Dria supports a wide range of data type exports. You can see the full list here. You will need to have some tokens in your balance, which will be approved automatically if required by the register command.


Advanced Usage

Available Models

Dria supports a wide range of models from OpenAI, Gemini, Ollama, and more. You can see the full list here.

Writing Workflows and Custom Pipelines

Dria allows you to write custom workflows and pipelines using the Workflow class. You can see an example of this here.

Structured Outputs

Dria allows you to define custom schemas for your outputs using Pydantic. This allows you to generate highly structured data that can be used for a wide range of applications.

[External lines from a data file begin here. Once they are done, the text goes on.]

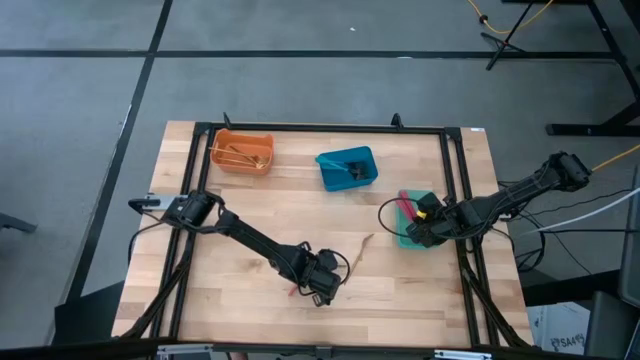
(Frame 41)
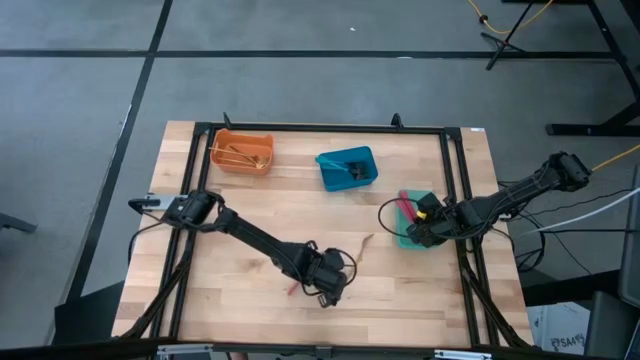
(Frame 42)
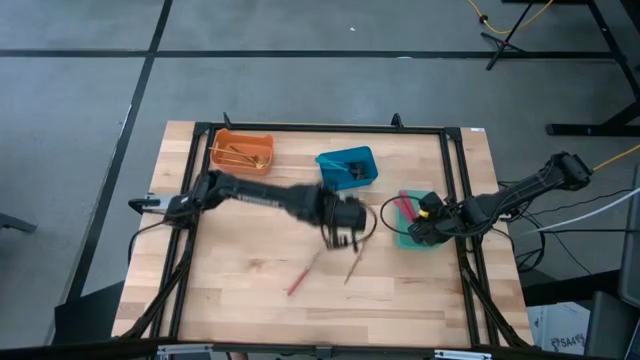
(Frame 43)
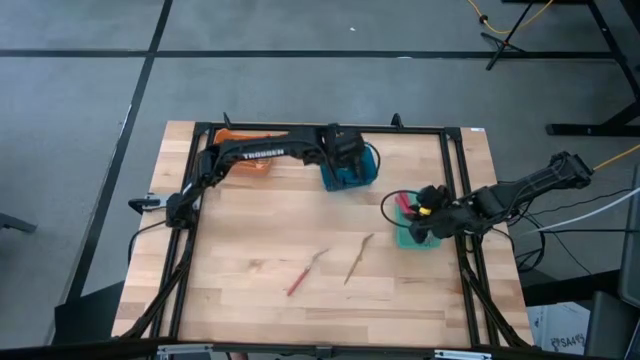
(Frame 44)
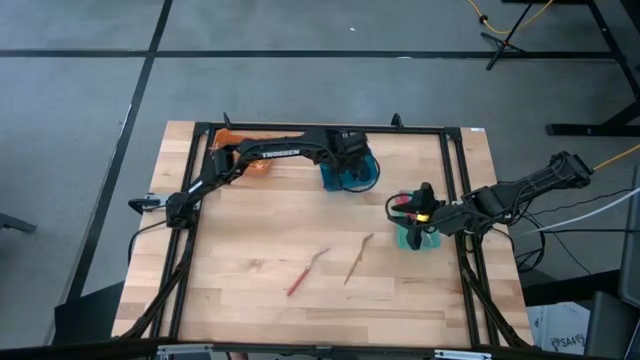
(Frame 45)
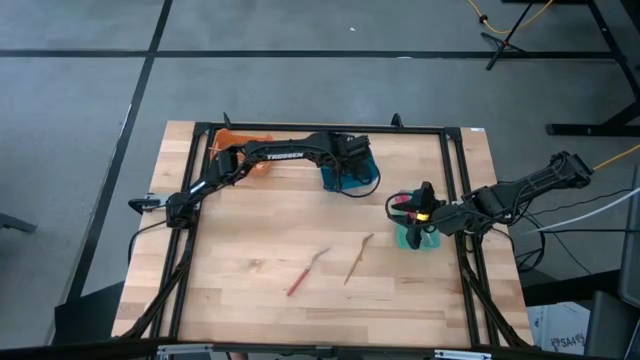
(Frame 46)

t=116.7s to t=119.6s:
Put the blue fork into the blue bin

You can see an example of this here.

Parallelization & Offloading

Because Dria tasks can be dispatched to a distributed network of agents, you can leverage massive parallelization without owning any GPUs. This is especially helpful for large-scale data generation tasks:

  • Avoid timeouts or rate limits by distributing tasks.
  • Scale to thousands or millions of records quickly.

Contributing

Contributions are more than welcome! To get started:

  1. Fork the repository on GitHub.
  2. Clone your fork locally and create a new branch for your feature or fix.
  3. Install dependencies in a virtual environment:
    poetry install
  4. Make Changes and Test them thoroughly.
  5. Submit a Pull Request describing your changes.

We value all contributions—from bug reports and suggestions to feature implementations.


License

This project is licensed under the MIT License. Feel free to use it in your personal or commercial projects.